As you may have already seen, you are transferring from the host to the device using clEnqueueWriteBuffer and the like.
All commands that have the "enqueue" keyword in them have a special property: the commands are not executed directly, but when you simulate them using clFinish , clFlush , clEnqueueWaitForEvents , using clEnqueueWriteBuffer when locking, and a few more.

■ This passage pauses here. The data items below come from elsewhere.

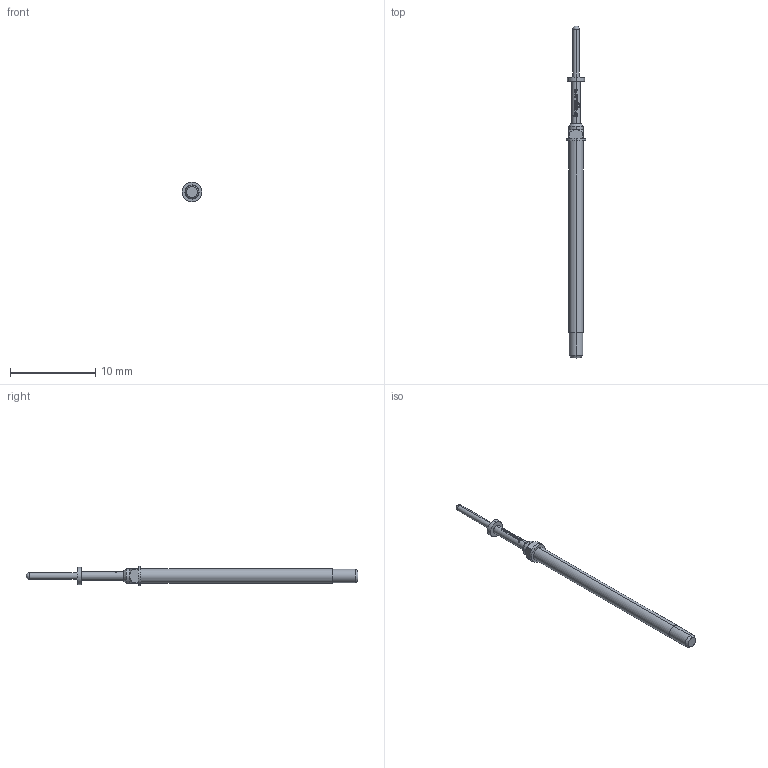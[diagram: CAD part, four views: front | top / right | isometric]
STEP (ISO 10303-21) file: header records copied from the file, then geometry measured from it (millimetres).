
FILE_DESCRIPTION (( 'STEP AP203' ), '1' );
FILE_NAME ('INGUN_T-112_305_075_600_200Axx02M.STEP', '2023-09-12T07:43:58', ( '' ), ( '' ), 'SwSTEP 2.0', 'SolidWorks 2021', '' );
FILE_SCHEMA (( 'CONFIG_CONTROL_DESIGN' ));
Length unit declared in the file: millimetre
Products named in the file (1): INGUN_T-112_305_075_600_200Axx02M
Bounding box: 2.3 x 39 x 2.3 mm (x, y, z)
Volume: 67.6 mm3; surface area: 188.1 mm2
Topology: 1 solids, 1 shells, 119 faces, 325 edges, 212 vertices
Faces by surface type: plane 53, cylinder 33, bspline 22, cone 10, sphere 1
Entity records: 4125 total; most frequent: CARTESIAN_POINT 1192, ORIENTED_EDGE 644, DIRECTION 542, EDGE_CURVE 322, AXIS2_PLACEMENT_3D 216, VERTEX_POINT 210, EDGE_LOOP 124, ADVANCED_FACE 119

This means that all actions are performed immediately, and you must synchronize it using event objects. Since everything (possibly) will happen immediately, you can do something like this (each point happens simultaneously):
- Data Transfer A
- Process A data and data transfer B
- Process B data and data transfer C and data Ret A '
- Process C data and data extraction B '
- Get data C '
Remember: starting tasks without event objects can lead to the simultaneous execution of all elements in the queue!
To make sure Process Data B did not happen before passing B, you need to get the event object from clEnqueueWriteBuffer and provide it as an object waiting for fi clEnqueueNDRangeKernel
cl_event evt; clEnqueueWriteBuffer(... , bufferB , ... , ... , ... , bufferBdata , NULL , NULL , &evt); clEnqueueNDRangeKernel(... , kernelB , ... , ... , ... , ... , 1 , &evt, NULL);
Instead of supplying NULL, each command can, of course, wait for certain objects and generate a new event object. The parameter next to the last one is an array, so you can expect events for several events!
EDIT: to summarize the comments below
Data transfer - which command acts where?
CPU GPU
Bufa bufb
array [] = {...}
clCreateBuffer () -----> [] // Create (empty) Buffer in GPU memory *
clCreateBuffer () -----> [] [] // Create (empty) Buffer in GPU memory *
clWriteBuffer () -arr-> [ array ] [] // Copy from CPU to GPU
clCopyBuffer () [array] -> [ array ] // Copy from GPU to GPU
clReadBuffer () <-arr- [array] [array] // Copy from GPU to CPU
* You can initialize the buffer directly by providing data using the host_ptr parameter.